_TASK ITEM_. Lines in which "Pressure" appears should be pulled from the data below.

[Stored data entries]
○ ○ ○ ○ ○ ○ ○
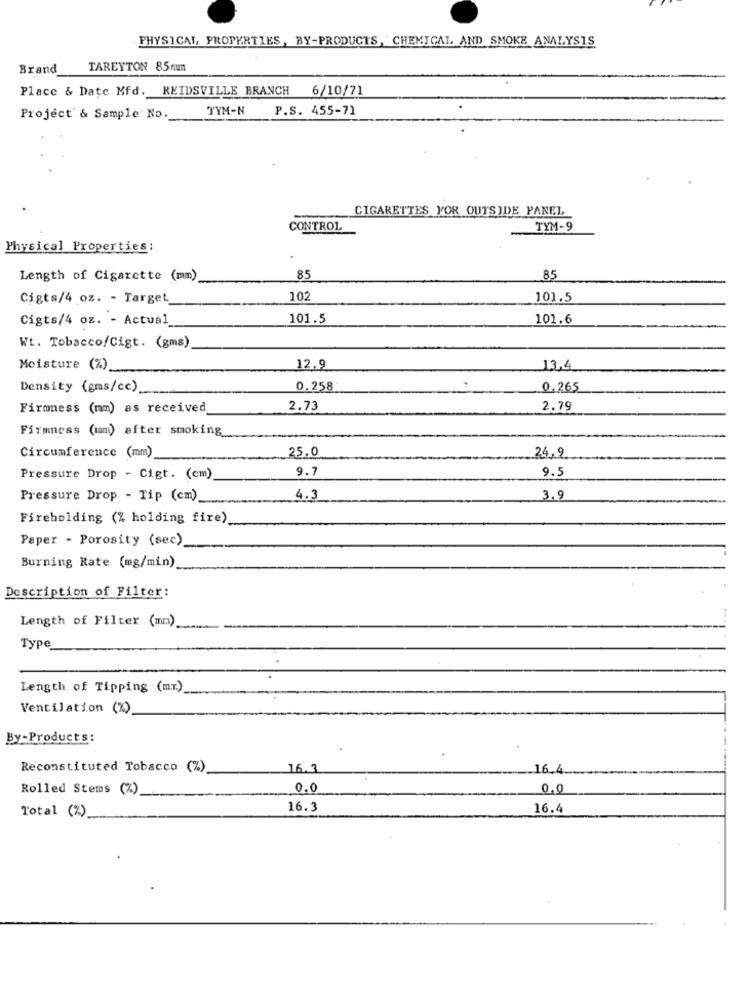
PHYSICAL PROPERTIES, BY-PRODUCTS, CHEMICAL AND SMOKE ANALYSIS
Brand
TAREYTON 85mm
Place & Date Mfd. REIDSVILLE BRANCH 6/10/71
TYM-N
P.S. 455-71
Project' & Sample No.
CIGARETTES FOR OUTSIDE PANEL
CONTROL
TYM-9
Physical Properties:
Length of Cigarette (mm)
85
85
Cigts/4 oz. - Target
102
101.5
Cigts/4 oz. - Actual_
101.5
101.6
Wt. Tobacco/Cigt. (gms)
Moisture (%)
12,9
13.4
Density (gms/cc)
0.258
0.265
Firmness (mm) as received
2.73
2.79
Firmness (tam) after smoking
25.0
24.9
Circumference (mm).
9.7
9.5
Pressure Drop - Cigt. (cm)
Pressure Drop - Tip (cm)
4.3
3.9
Fireholding (% holding fire)
Paper - Porosity (sec)
Burning Rate (mg/min)
Description of Filter:
Length of Filter (mm)
Type
Length of Tipping (mr.)
Ventilation (%)
By-Products:
Reconstituted Tobacco (%)
16.3
16.4
Rolled Stems (%)
0.0
0.0
Total (%)
16.3
16.4
○ ○ ○ ○ ○ ○ ○
_ANSWER FOR THIS EXERCISE_.
Pressure Drop - Cigt. (cm)
Pressure Drop - Tip (cm)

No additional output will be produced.